§ To do
In the data below, the answer is the run of lines from the line containing "#162=LINE('',#4557,#377);" through the line containing "#645=ORIENTED_EDGE('',*,*,#1256,.T.);", both included; print it exactly and nothing else.

§ Entries taken from a collection

'''

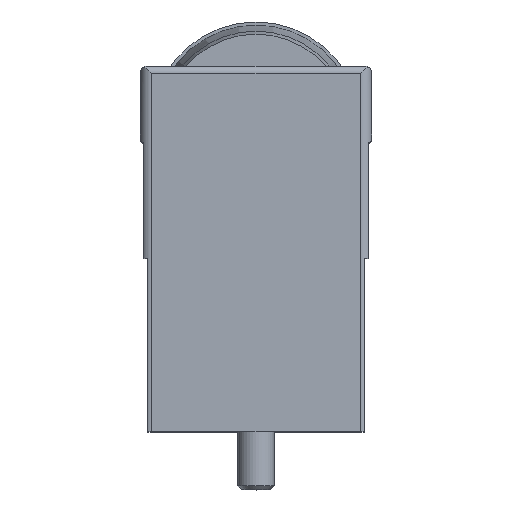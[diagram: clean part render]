
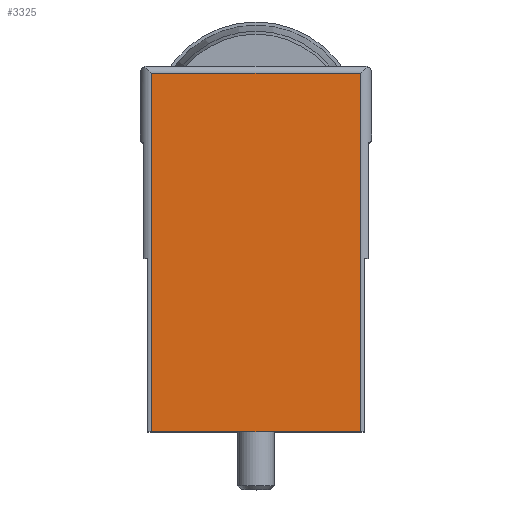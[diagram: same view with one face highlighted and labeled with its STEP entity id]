
A CAD part, top view. The second image highlights one B-rep face of the part: STEP entity #3325.
In plain terms, the highlighted planar face has unit normal (0, 0, 1).
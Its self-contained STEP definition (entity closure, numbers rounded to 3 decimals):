
#161=LINE('',#4554,#376);
#162=LINE('',#4557,#377);
#163=LINE('',#4559,#378);
#164=LINE('',#4561,#379);
#376=VECTOR('',#3849,1000.);
#377=VECTOR('',#3850,1000.);
#378=VECTOR('',#3851,1000.);
#379=VECTOR('',#3852,1000.);
#643=ORIENTED_EDGE('',*,*,#1254,.T.);
#644=ORIENTED_EDGE('',*,*,#1255,.T.);
#645=ORIENTED_EDGE('',*,*,#1256,.T.);
#646=ORIENTED_EDGE('',*,*,#1257,.F.);
#1254=EDGE_CURVE('',#1555,#1556,#161,.T.);
#1255=EDGE_CURVE('',#1556,#1557,#162,.T.);
#1256=EDGE_CURVE('',#1557,#1558,#163,.T.);
#1257=EDGE_CURVE('',#1555,#1558,#164,.T.);
#1555=VERTEX_POINT('',#4555);
#1556=VERTEX_POINT('',#4556);
#1557=VERTEX_POINT('',#4558);
#1558=VERTEX_POINT('',#4560);
#1805=EDGE_LOOP('',(#643,#644,#645,#646));
#2006=FACE_BOUND('',#1805,.T.);
#2197=PLANE('',#3505);
#3325=ADVANCED_FACE('',(#2006),#2197,.F.);
#3505=AXIS2_PLACEMENT_3D('',#4553,#3847,#3848);
#3847=DIRECTION('',(0.,0.,-1.));
#3848=DIRECTION('',(-1.,0.,0.));
#3849=DIRECTION('',(-1.,0.,0.));
#3850=DIRECTION('',(0.,-1.,0.));
#3851=DIRECTION('',(1.,0.,0.));
#3852=DIRECTION('',(0.,-1.,0.));
#4553=CARTESIAN_POINT('',(-7.5,12.,7.5));
#4554=CARTESIAN_POINT('',(8.,24.8,7.5));
#4555=CARTESIAN_POINT('',(7.2,24.8,7.5));
#4556=CARTESIAN_POINT('',(-7.2,24.8,7.5));
#4557=CARTESIAN_POINT('',(-7.2,20.,7.5));
#4558=CARTESIAN_POINT('',(-7.2,0.,7.5));
#4559=CARTESIAN_POINT('',(-7.5,0.,7.5));
#4560=CARTESIAN_POINT('',(7.2,0.,7.5));
#4561=CARTESIAN_POINT('',(7.2,20.,7.5));

'''

§ Solution to this exercise
#162=LINE('',#4557,#377);
#163=LINE('',#4559,#378);
#164=LINE('',#4561,#379);
#376=VECTOR('',#3849,1000.);
#377=VECTOR('',#3850,1000.);
#378=VECTOR('',#3851,1000.);
#379=VECTOR('',#3852,1000.);
#643=ORIENTED_EDGE('',*,*,#1254,.T.);
#644=ORIENTED_EDGE('',*,*,#1255,.T.);
#645=ORIENTED_EDGE('',*,*,#1256,.T.);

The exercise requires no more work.